▶ [TASK DESCRIPTION]:
Although the records contain pictures, only their text should be repeated, exactly as it stands.
TASK DATA: Begin
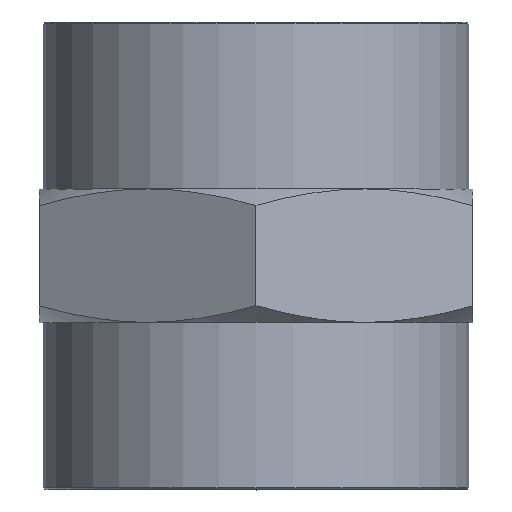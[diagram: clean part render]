
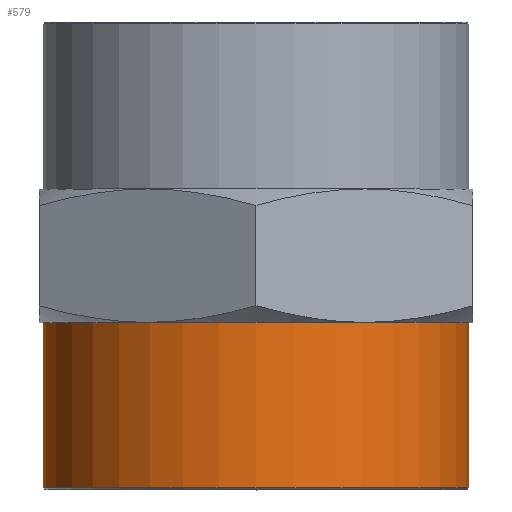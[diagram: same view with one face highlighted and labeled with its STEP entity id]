
A CAD part, top view. The second image highlights one B-rep face of the part: STEP entity #579.
In plain terms, the highlighted cylindrical face has radius 12.75 mm (diameter 25.5 mm), a full revolution.
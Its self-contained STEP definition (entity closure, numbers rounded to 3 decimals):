
#138=ORIENTED_EDGE('',*,*,#222,.T.);
#139=ORIENTED_EDGE('',*,*,#223,.F.);
#222=EDGE_CURVE('',#261,#261,#276,.T.);
#223=EDGE_CURVE('',#262,#262,#277,.T.);
#261=VERTEX_POINT('',#910);
#262=VERTEX_POINT('',#912);
#276=CIRCLE('',#623,12.75);
#277=CIRCLE('',#624,12.75);
#303=EDGE_LOOP('',(#138));
#304=EDGE_LOOP('',(#139));
#341=FACE_BOUND('',#303,.T.);
#342=FACE_BOUND('',#304,.T.);
#364=CYLINDRICAL_SURFACE('',#622,12.75);
#579=ADVANCED_FACE('',(#341,#342),#364,.T.);
#622=AXIS2_PLACEMENT_3D('',#908,#703,#704);
#623=AXIS2_PLACEMENT_3D('',#909,#705,#706);
#624=AXIS2_PLACEMENT_3D('',#911,#707,#708);
#703=DIRECTION('',(0.,1.,0.));
#704=DIRECTION('',(0.,0.,1.));
#705=DIRECTION('',(0.,1.,0.));
#706=DIRECTION('',(0.,0.,1.));
#707=DIRECTION('',(0.,1.,0.));
#708=DIRECTION('',(1.,0.,0.));
#908=CARTESIAN_POINT('',(0.,-10.,0.));
#909=CARTESIAN_POINT('',(0.,-9.9,0.));
#910=CARTESIAN_POINT('',(0.,-9.9,12.75));
#911=CARTESIAN_POINT('',(0.,0.,0.));
#912=CARTESIAN_POINT('',(12.75,0.,0.));
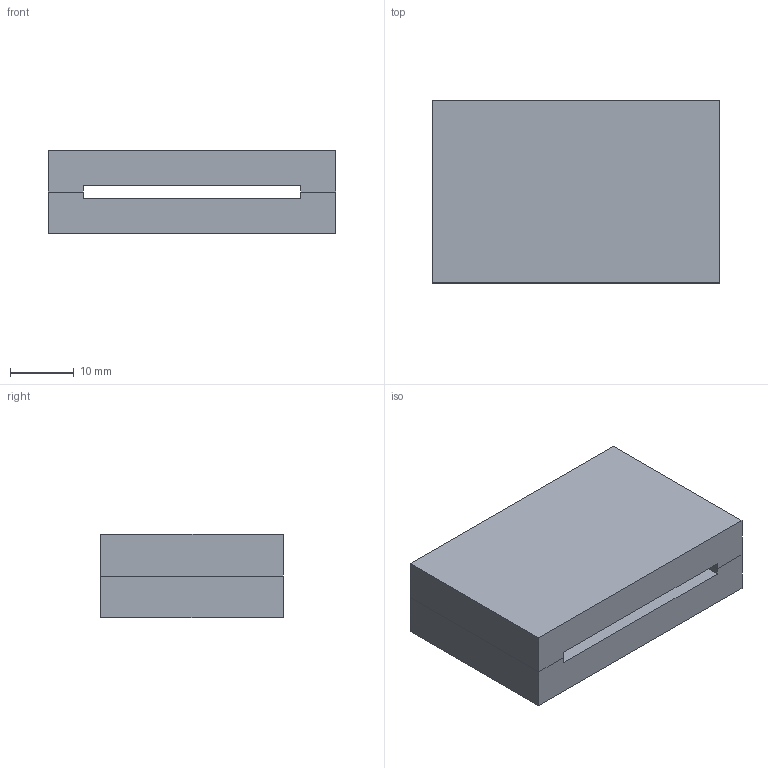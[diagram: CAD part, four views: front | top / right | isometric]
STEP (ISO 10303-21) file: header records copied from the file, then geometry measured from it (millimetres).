
FILE_DESCRIPTION( ( 'Unknown' ), '1' );
FILE_NAME( '7427250.stp', 'Unknown', ( 'Unknown' ), ( 'Unknown' ), 'XStep 1.0', 'Unknown', ' ' );
FILE_SCHEMA( ( 'automotive_design' ) );
Length unit declared in the file: millimetre
Products named in the file (2): Assem1; Ferrit
Bounding box: 45 x 28.5 x 13 mm (x, y, z)
Surface area: 10528.5 mm2
Topology: 3 solids, 3 shells, 30 faces, 72 edges, 48 vertices
Faces by surface type: plane 30
Entity records: 409 total; most frequent: CARTESIAN_POINT 53, DIRECTION 50, ORIENTED_EDGE 48, EDGE_CURVE 24, LINE 24, VECTOR 24, VERTEX_POINT 16, AXIS2_PLACEMENT_3D 13
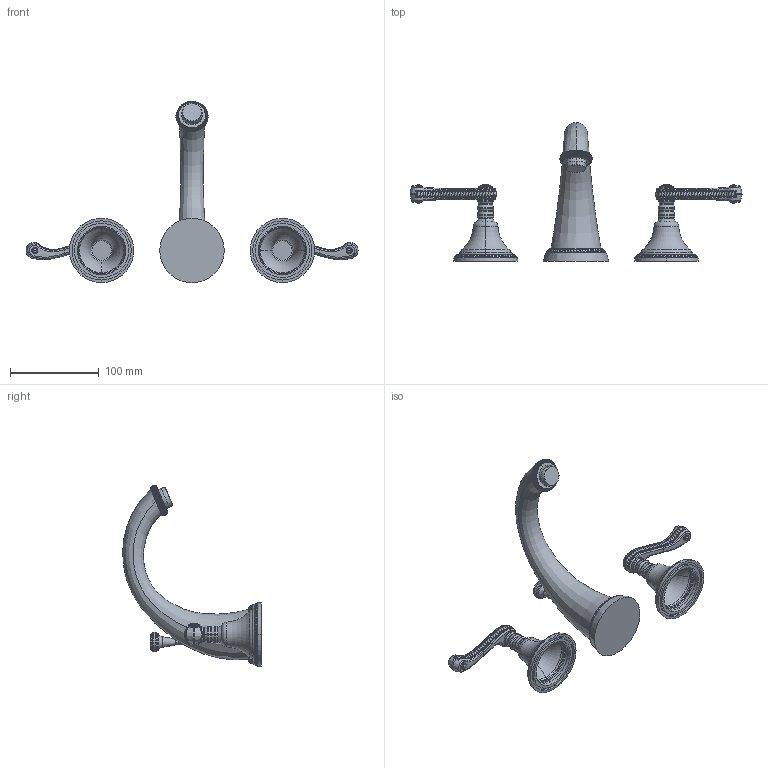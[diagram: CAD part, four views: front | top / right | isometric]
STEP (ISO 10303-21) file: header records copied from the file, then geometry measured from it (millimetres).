
FILE_DESCRIPTION((''),'2;1');
FILE_NAME('1020','2020-11-25T12:09:34',('jinson.thomas'),(''),'CREO PARAMETRIC BY PTC INC, 2018400','CREO PARAMETRIC BY PTC INC, 2018400','');
FILE_SCHEMA(('CONFIG_CONTROL_DESIGN'));
Products named in the file (1): 1020
Bounding box: 373.22 x 155.99 x 203.87 mm (x, y, z)
Volume: 383958.4 mm3; surface area: 87715.1 mm2
Topology: 3 solids, 3 shells, 1976 faces, 5439 edges, 3594 vertices
Faces by surface type: bspline 472, cylinder 358, torus 344, plane 247, cone 218, extrusion 203, sphere 134
Entity records: 110753 total; most frequent: CARTESIAN_POINT 68123, ORIENTED_EDGE 10858, DIRECTION 5929, EDGE_CURVE 5429, B_SPLINE_CURVE_WITH_KNOTS 3715, VERTEX_POINT 3594, AXIS2_PLACEMENT_3D 2508, EDGE_LOOP 2113
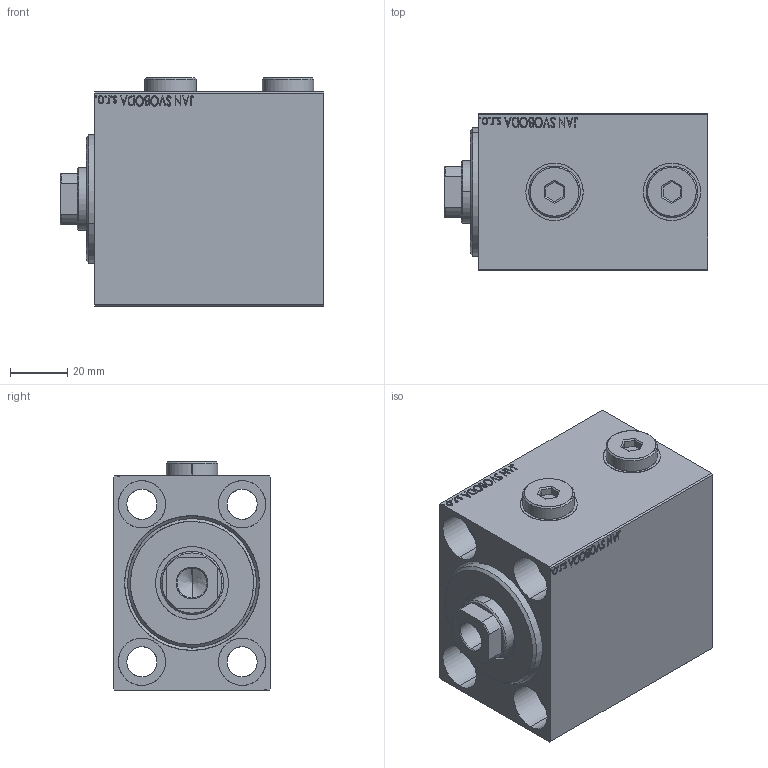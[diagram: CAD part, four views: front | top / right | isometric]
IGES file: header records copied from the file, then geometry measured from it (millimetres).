
Start section: SolidWorks IGES file using analytic representation for surfaces
Global section: file name: 4aca.IGS; native system: SolidWorks 2019; preprocessor: SolidWorks 2019; author: Model3D; date: 240213.061236; units: millimetre
Bounding box: 92 x 55 x 79.9 mm (x, y, z)
Surface area: 66091.9 mm2 (no closed solid volume)
Topology: 0 solids, 0 shells, 916 faces, 13174 edges, 13172 vertices
Faces by surface type: bspline 822, revolution 94
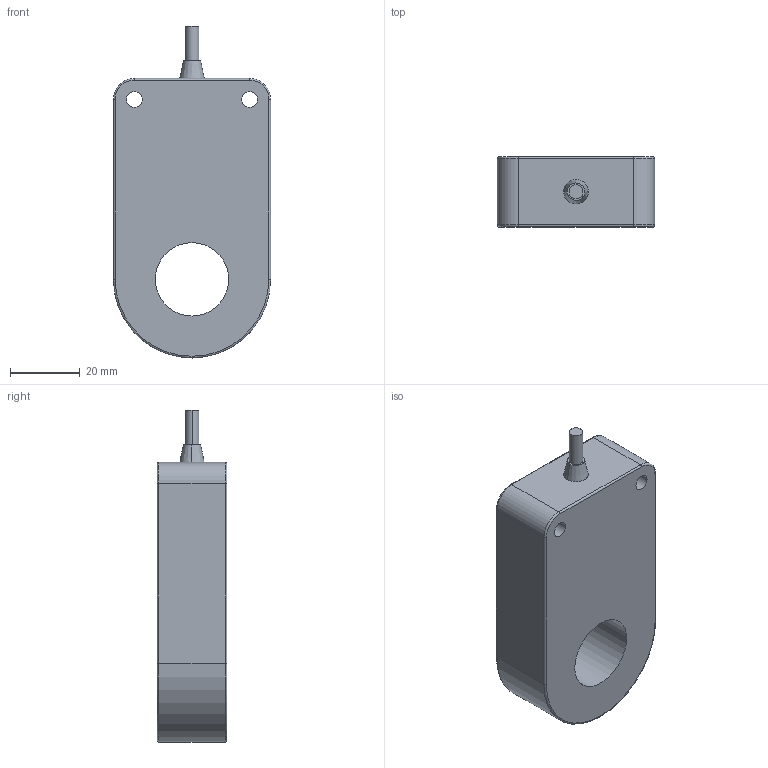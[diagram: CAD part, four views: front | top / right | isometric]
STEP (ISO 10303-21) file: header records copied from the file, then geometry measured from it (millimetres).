
FILE_DESCRIPTION((''),'2;1');
FILE_NAME('R21_D000060A','2006-01-03T',('Pepperl+Fuchs'),('Industriehansa'),'PRO/ENGINEER BY PARAMETRIC TECHNOLOGY CORPORATION, 2005290','PRO/ENGINEER BY PARAMETRIC TECHNOLOGY CORPORATION, 2005290','');
FILE_SCHEMA(('AUTOMOTIVE_DESIGN_CC2 { 1 2 10303 214 -1 1 5 2 }'));
Length unit declared in the file: millimetre
Products named in the file (1): R21_D000060A
Bounding box: 45 x 20 x 95 mm (x, y, z)
Volume: 60026.1 mm3; surface area: 12479.8 mm2
Topology: 1 solids, 1 shells, 32 faces, 80 edges, 60 vertices
Faces by surface type: cylinder 17, plane 7, torus 6, bspline 2
Entity records: 1422 total; most frequent: CARTESIAN_POINT 279, DIRECTION 178, ORIENTED_EDGE 144, PRESENTATION_STYLE_ASSIGNMENT 85, STYLED_ITEM 82, CURVE_STYLE 81, EDGE_CURVE 72, AXIS2_PLACEMENT_3D 71
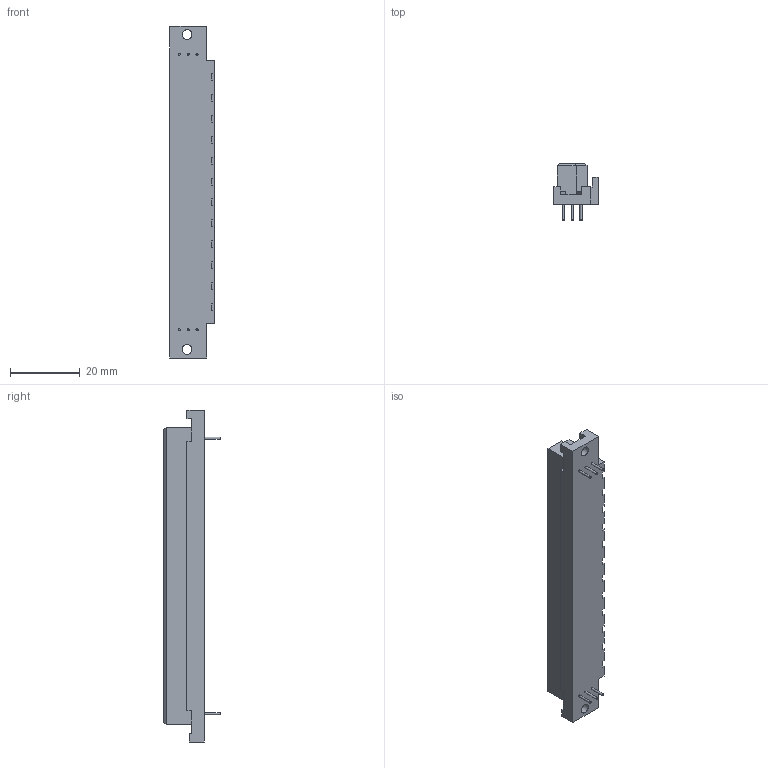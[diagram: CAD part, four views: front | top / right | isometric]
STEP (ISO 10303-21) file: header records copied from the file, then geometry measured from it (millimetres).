
FILE_DESCRIPTION((''),'2;1');
FILE_NAME( '0903_DIN_har-bus_C_straight_female_96_p_coding.stp','2005-11-25T09:29:40',('User'),('SDRC'),'I-DEAS Master Series 9','UNIX','Yes');
FILE_SCHEMA(('AUTOMOTIVE_DESIGN { 1 0 10303 214 1 1 1 1 }'));
Length unit declared in the file: millimetre
Products named in the file (1): 0903_DIN_har-bus_C_straight_female_96_pole_coding
Bounding box: 12.7 x 16.1 x 94.9 mm (x, y, z)
Volume: 10266.5 mm3; surface area: 5538.2 mm2
Topology: 1 solids, 1 shells, 244 faces, 750 edges, 496 vertices
Faces by surface type: bspline 244
Entity records: 7687 total; most frequent: CARTESIAN_POINT 3133, ORIENTED_EDGE 1500, EDGE_CURVE 750, VERTEX_POINT 496, B_SPLINE_CURVE_WITH_KNOTS 447, QUASI_UNIFORM_CURVE 287, EDGE_LOOP 260, FACE_OUTER_BOUND 244
TASK DATA: End
▶ [OUTPUT OF THE EXERCISE]:
[diagram: clean part render]
[diagram: same view with one face highlighted and labeled with its STEP entity id]
A CAD part, top view. The second image highlights one B-rep face of the part: STEP entity #579.
In plain terms, the highlighted cylindrical face has radius 12.75 mm (diameter 25.5 mm), a full revolution.
Its self-contained STEP definition (entity closure, numbers rounded to 3 decimals):
#138=ORIENTED_EDGE('',*,*,#222,.T.);
#139=ORIENTED_EDGE('',*,*,#223,.F.);
#222=EDGE_CURVE('',#261,#261,#276,.T.);
#223=EDGE_CURVE('',#262,#262,#277,.T.);
#261=VERTEX_POINT('',#910);
#262=VERTEX_POINT('',#912);
#276=CIRCLE('',#623,12.75);
#277=CIRCLE('',#624,12.75);
#303=EDGE_LOOP('',(#138));
#304=EDGE_LOOP('',(#139));
#341=FACE_BOUND('',#303,.T.);
#342=FACE_BOUND('',#304,.T.);
#364=CYLINDRICAL_SURFACE('',#622,12.75);
#579=ADVANCED_FACE('',(#341,#342),#364,.T.);
#622=AXIS2_PLACEMENT_3D('',#908,#703,#704);
#623=AXIS2_PLACEMENT_3D('',#909,#705,#706);
#624=AXIS2_PLACEMENT_3D('',#911,#707,#708);
#703=DIRECTION('',(0.,1.,0.));
#704=DIRECTION('',(0.,0.,1.));
#705=DIRECTION('',(0.,1.,0.));
#706=DIRECTION('',(0.,0.,1.));
#707=DIRECTION('',(0.,1.,0.));
#708=DIRECTION('',(1.,0.,0.));
#908=CARTESIAN_POINT('',(0.,-10.,0.));
#909=CARTESIAN_POINT('',(0.,-9.9,0.));
#910=CARTESIAN_POINT('',(0.,-9.9,12.75));
#911=CARTESIAN_POINT('',(0.,0.,0.));
#912=CARTESIAN_POINT('',(12.75,0.,0.));
[diagram: CAD part, four views: front | top / right | isometric]
STEP (ISO 10303-21) file: header records copied from the file, then geometry measured from it (millimetres).
FILE_DESCRIPTION( ( 'Unknown' ), '1' );
FILE_NAME( '7427250.stp', 'Unknown', ( 'Unknown' ), ( 'Unknown' ), 'XStep 1.0', 'Unknown', ' ' );
FILE_SCHEMA( ( 'automotive_design' ) );
Length unit declared in the file: millimetre
Products named in the file (2): Assem1; Ferrit
Bounding box: 45 x 28.5 x 13 mm (x, y, z)
Surface area: 10528.5 mm2
Topology: 3 solids, 3 shells, 30 faces, 72 edges, 48 vertices
Faces by surface type: plane 30
Entity records: 409 total; most frequent: CARTESIAN_POINT 53, DIRECTION 50, ORIENTED_EDGE 48, EDGE_CURVE 24, LINE 24, VECTOR 24, VERTEX_POINT 16, AXIS2_PLACEMENT_3D 13
[diagram: CAD part, four views: front | top / right | isometric]
STEP (ISO 10303-21) file: header records copied from the file, then geometry measured from it (millimetres).
FILE_DESCRIPTION((''),'2;1');
FILE_NAME('1020','2020-11-25T12:09:34',('jinson.thomas'),(''),'CREO PARAMETRIC BY PTC INC, 2018400','CREO PARAMETRIC BY PTC INC, 2018400','');
FILE_SCHEMA(('CONFIG_CONTROL_DESIGN'));
Products named in the file (1): 1020
Bounding box: 373.22 x 155.99 x 203.87 mm (x, y, z)
Volume: 383958.4 mm3; surface area: 87715.1 mm2
Topology: 3 solids, 3 shells, 1976 faces, 5439 edges, 3594 vertices
Faces by surface type: bspline 472, cylinder 358, torus 344, plane 247, cone 218, extrusion 203, sphere 134
Entity records: 110753 total; most frequent: CARTESIAN_POINT 68123, ORIENTED_EDGE 10858, DIRECTION 5929, EDGE_CURVE 5429, B_SPLINE_CURVE_WITH_KNOTS 3715, VERTEX_POINT 3594, AXIS2_PLACEMENT_3D 2508, EDGE_LOOP 2113
[diagram: CAD part, four views: front | top / right | isometric]
IGES file: header records copied from the file, then geometry measured from it (millimetres).
Start section: SolidWorks IGES file using analytic representation for surfaces
Global section: file name: 4aca.IGS; native system: SolidWorks 2019; preprocessor: SolidWorks 2019; author: Model3D; date: 240213.061236; units: millimetre
Bounding box: 92 x 55 x 79.9 mm (x, y, z)
Surface area: 66091.9 mm2 (no closed solid volume)
Topology: 0 solids, 0 shells, 916 faces, 13174 edges, 13172 vertices
Faces by surface type: bspline 822, revolution 94
[diagram: CAD part, four views: front | top / right | isometric]
STEP (ISO 10303-21) file: header records copied from the file, then geometry measured from it (millimetres).
FILE_DESCRIPTION((''),'2;1');
FILE_NAME('R21_D000060A','2006-01-03T',('Pepperl+Fuchs'),('Industriehansa'),'PRO/ENGINEER BY PARAMETRIC TECHNOLOGY CORPORATION, 2005290','PRO/ENGINEER BY PARAMETRIC TECHNOLOGY CORPORATION, 2005290','');
FILE_SCHEMA(('AUTOMOTIVE_DESIGN_CC2 { 1 2 10303 214 -1 1 5 2 }'));
Length unit declared in the file: millimetre
Products named in the file (1): R21_D000060A
Bounding box: 45 x 20 x 95 mm (x, y, z)
Volume: 60026.1 mm3; surface area: 12479.8 mm2
Topology: 1 solids, 1 shells, 32 faces, 80 edges, 60 vertices
Faces by surface type: cylinder 17, plane 7, torus 6, bspline 2
Entity records: 1422 total; most frequent: CARTESIAN_POINT 279, DIRECTION 178, ORIENTED_EDGE 144, PRESENTATION_STYLE_ASSIGNMENT 85, STYLED_ITEM 82, CURVE_STYLE 81, EDGE_CURVE 72, AXIS2_PLACEMENT_3D 71
[diagram: CAD part, four views: front | top / right | isometric]
STEP (ISO 10303-21) file: header records copied from the file, then geometry measured from it (millimetres).
FILE_DESCRIPTION((''),'2;1');
FILE_NAME( '0903_DIN_har-bus_C_straight_female_96_p_coding.stp','2005-11-25T09:29:40',('User'),('SDRC'),'I-DEAS Master Series 9','UNIX','Yes');
FILE_SCHEMA(('AUTOMOTIVE_DESIGN { 1 0 10303 214 1 1 1 1 }'));
Length unit declared in the file: millimetre
Products named in the file (1): 0903_DIN_har-bus_C_straight_female_96_pole_coding
Bounding box: 12.7 x 16.1 x 94.9 mm (x, y, z)
Volume: 10266.5 mm3; surface area: 5538.2 mm2
Topology: 1 solids, 1 shells, 244 faces, 750 edges, 496 vertices
Faces by surface type: bspline 244
Entity records: 7687 total; most frequent: CARTESIAN_POINT 3133, ORIENTED_EDGE 1500, EDGE_CURVE 750, VERTEX_POINT 496, B_SPLINE_CURVE_WITH_KNOTS 447, QUASI_UNIFORM_CURVE 287, EDGE_LOOP 260, FACE_OUTER_BOUND 244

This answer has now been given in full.